On August 1, 2011, the Company entered into a Series A-2 Preferred Stock Purchase Agreement to acquire a minority ownership interest in Aciex Therapeutics Inc. (“Aciex”), a private ophthalmic development pharmaceutical company based in Westborough, MA, for $8.0 million in cash.  Subsequently, on September 30, 2011, the Company entered into Amendment No. 1 to Series A-2 Preferred Stock Purchase Agreement to acquire additional shares of Series A-2 Preferred Stock in Aciex for $2.0 million in cash.  On April 17, 2014, the Company entered into a Secured Note and Warrant Purchase Agreement to acquire secured, convertible promissory notes of Aciex for $0.4 million in cash.  On June 27, 2014, the Company entered into a second Secured Note and Warrant Purchase Agreement to acquire additional secured, convertible promissory notes of Aciex for an additional amount of $0.4 million. The Company’s aggregate investment in Aciex was $10.8 million at cost.  Aciex was an ophthalmic drug development company focused on developing novel therapeutics to treat ocular diseases. Aciex’s pipeline consists of both clinical stage assets and pre-Investigational new drug stage assets.  The investments detailed above provided the Company with an ownership interest in Aciex of below 20%.  The Aciex Agreement and Aciex Amendment contain certain customary rights and preferences over the common stock of Aciex and further provide that the Company shall have the right to a seat on the Aciex board of directors.

On July 2, 2014, Nicox S.A., (“Nicox”) an international company, entered into an arrangement to acquire all of the outstanding equity of Aciex (the “Aciex Acquisition”).

On October 22, 2014, Nicox shareholders voted at the Nicox General Meeting to approve the Aciex Acquisition. The transaction was consummated on October 24, 2014, following the completion of certain legal conditions and formalities. As consideration for its carried investment in Aciex, the Company received from the Aciex Acquisition pro-rata shares of Nicox which are publically traded on the Euronext Paris exchange. Through the closing the Company received 4.3 million shares of Nicox which were subject to certain lockup provisions preventing immediate sale of underlying shares received.

Through the years ended December 31, 2015 and 2014, the Company sold 1.1 million and 0.2 million unrestricted shares for $2.6 million and $0.6 million, realizing a loss of $0.2 million and an immaterial gain on the sale of shares, respectively. During the three and six months ended June 30, 2016 the Company sold $6.0 million of the available-for-sale securities, realizing an immaterial loss through the sales.

In accordance with ASC 820 - Fair Value Measurement, the Company records unrealized holding gains and losses on available-for-sale securities in the “Accumulated other comprehensive income” caption in the condensed consolidated Balance Sheet.  As of June 30, 2016, the Company recognized an unrealized holding loss of $0.1 million as calculated based on the discounted value of the investment given the contractual lockup provisions. The Company has determined that all of the $1.5 million of unrealized fair value associated with the investment is available to be converted to cash within one year from the balance sheet date and has been classified as a current asset.

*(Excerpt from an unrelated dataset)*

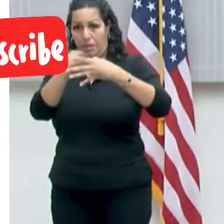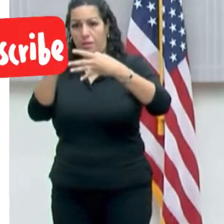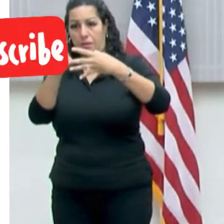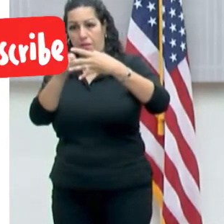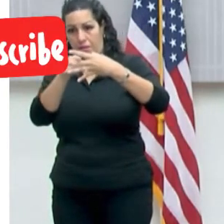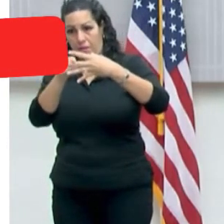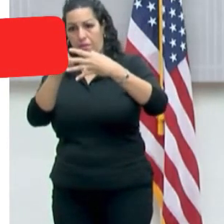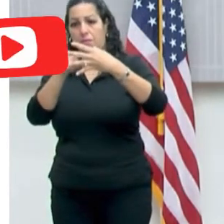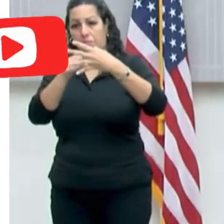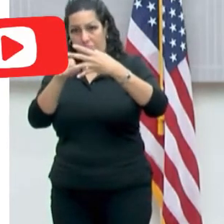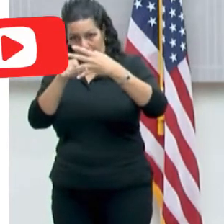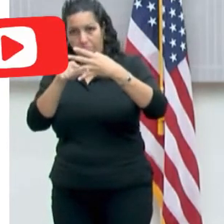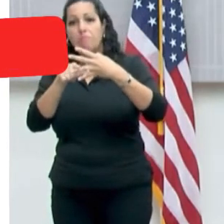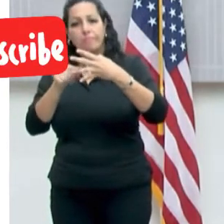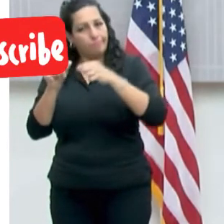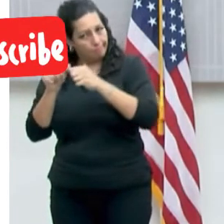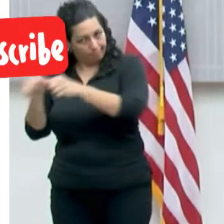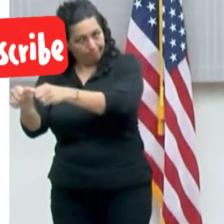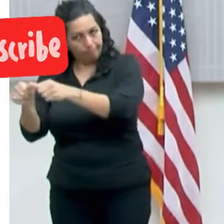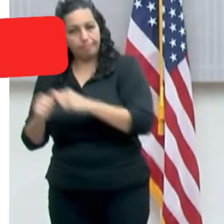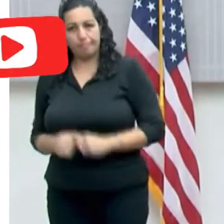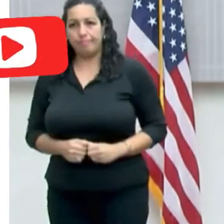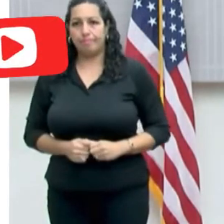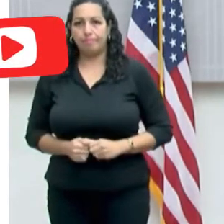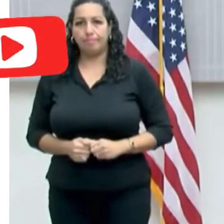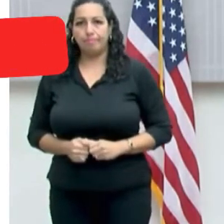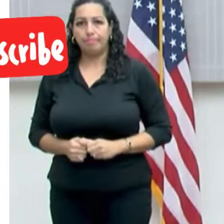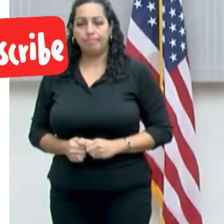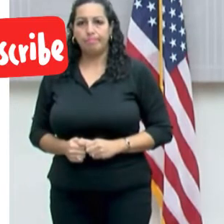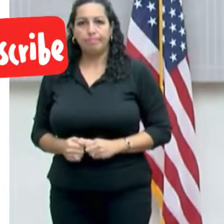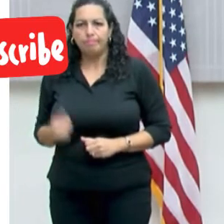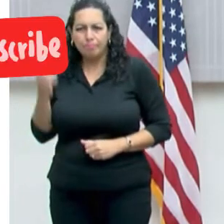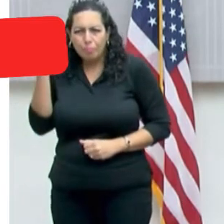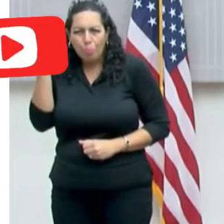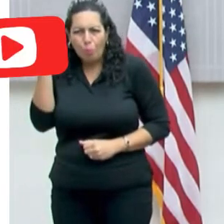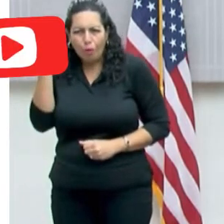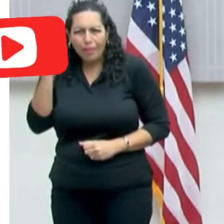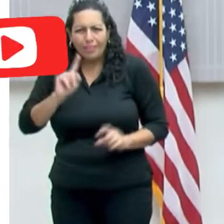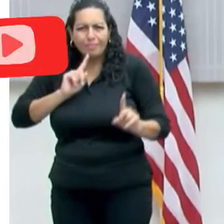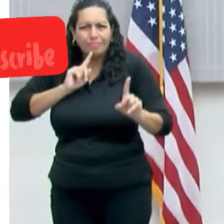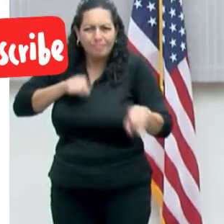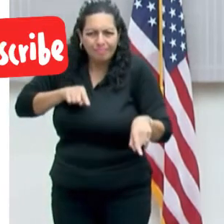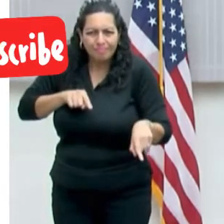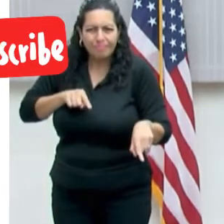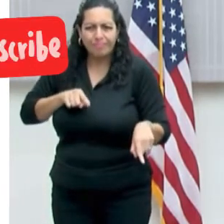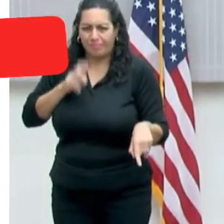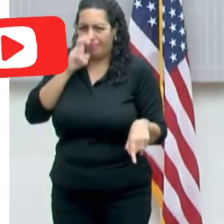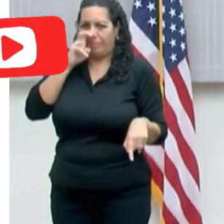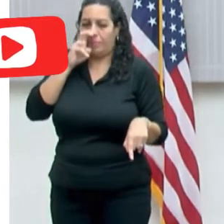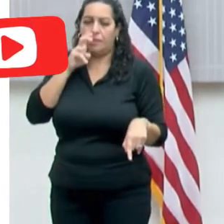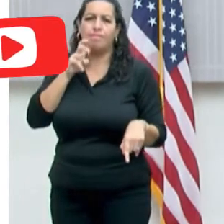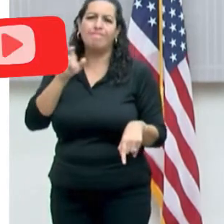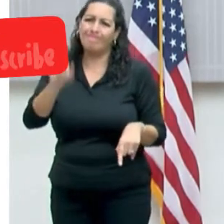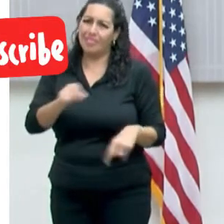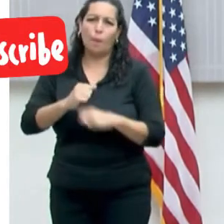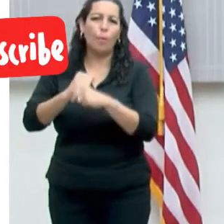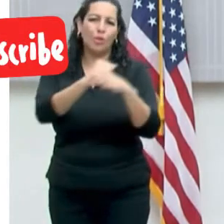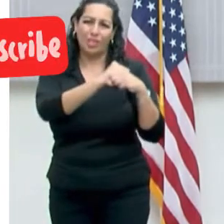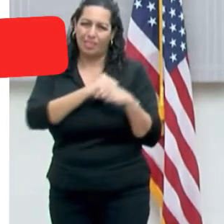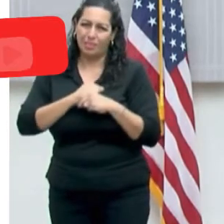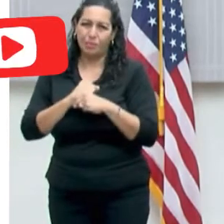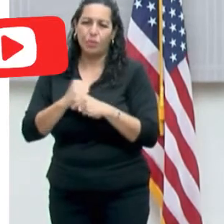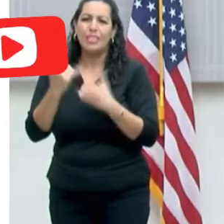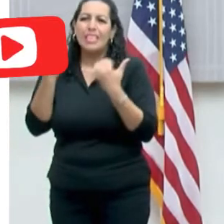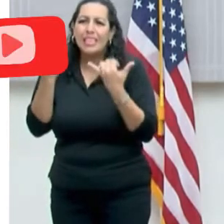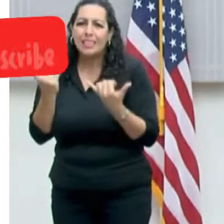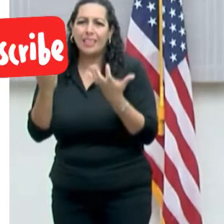tres semanas. Estas acciones las estoy tomando para ayudar a protegernos. Buscamos reducir los riesgos lo más
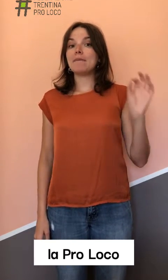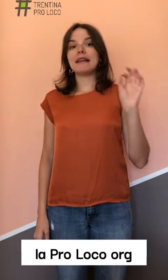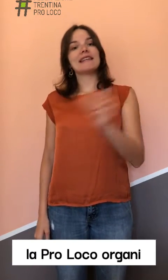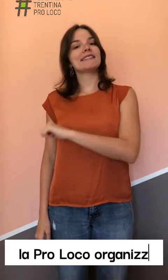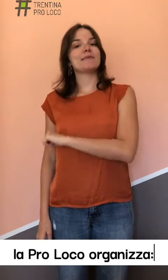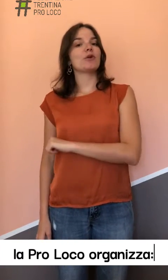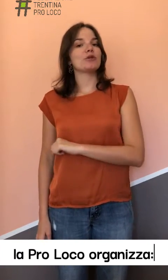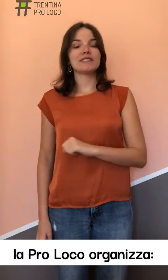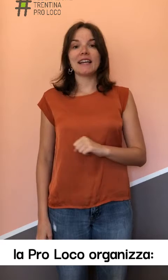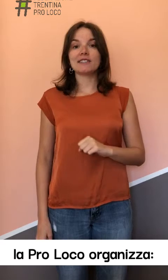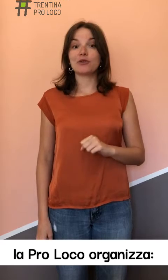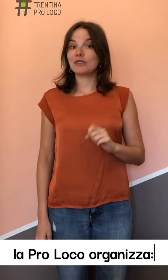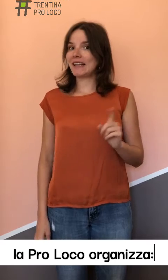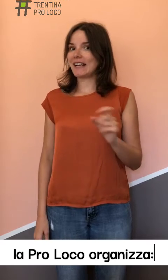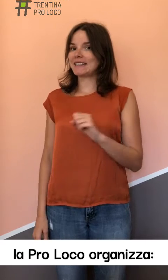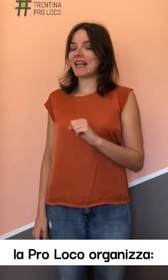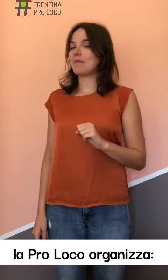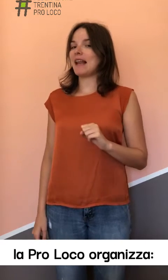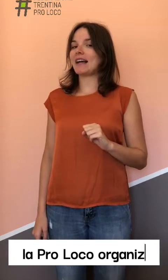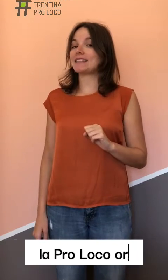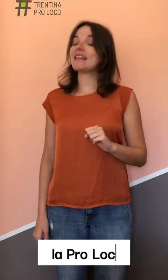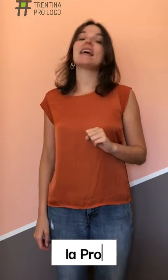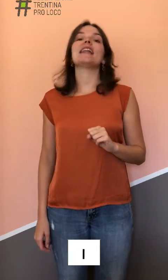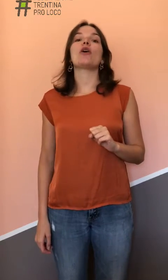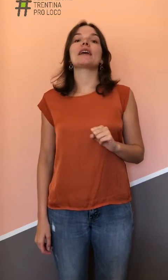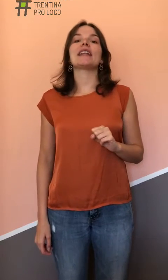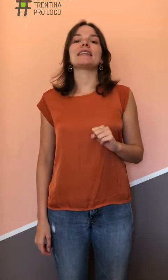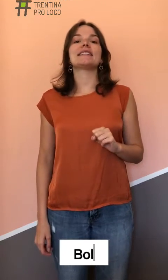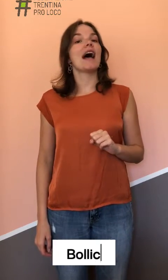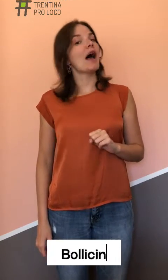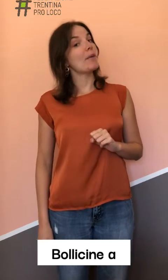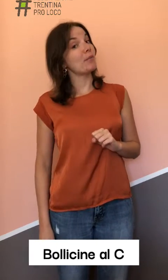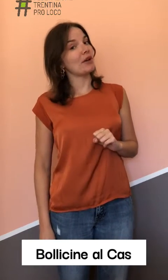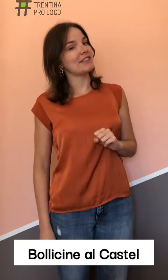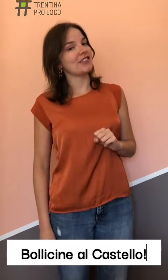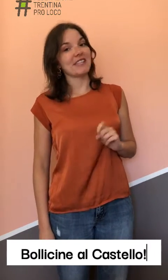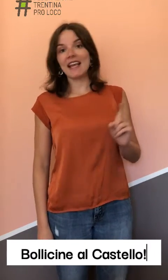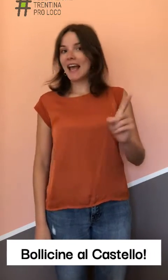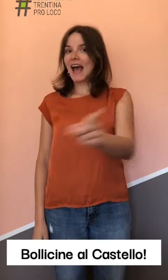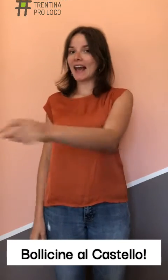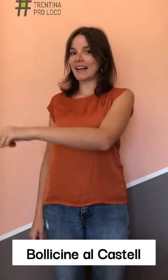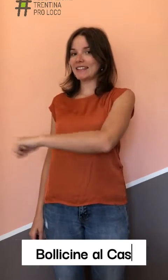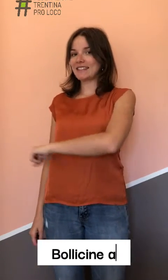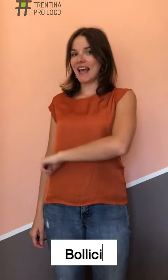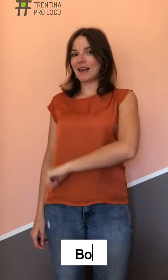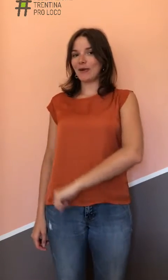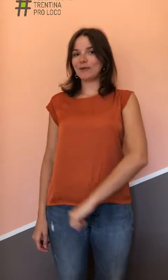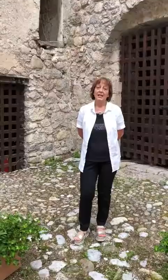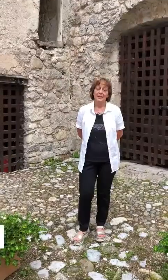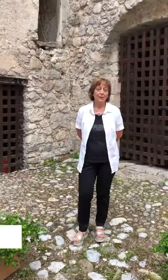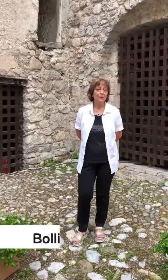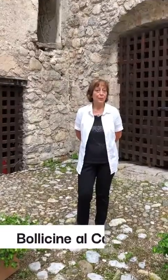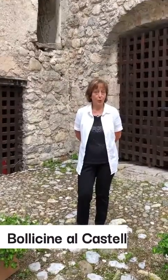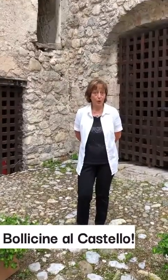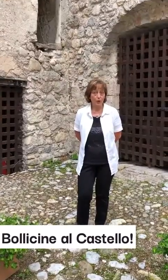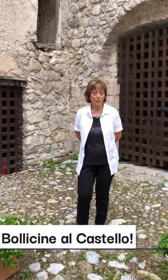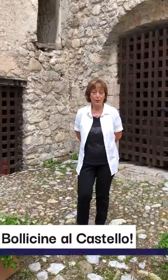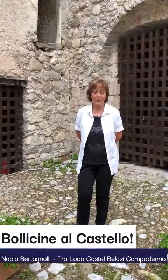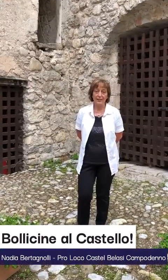bellissimo contesto del Castel Belasi, la organizza Bollicine al Castello. Sabato prossimo, 7

Other Individually Insignificant Product Acquisitions
 
During the three months ended June 30, 2016 and 2015, the Company paid $2.4 million and $0.8 million, respectively, while during the six months ended June 30, 2016 and 2015, the Company paid $3.4 million and 0.8 million, respectively, for the acquisition of drug product licensing rights (NDA, ANDA and ANADA rights) which were not individually significant. No assets were acquired other than the drug rights, and no liabilities were assumed.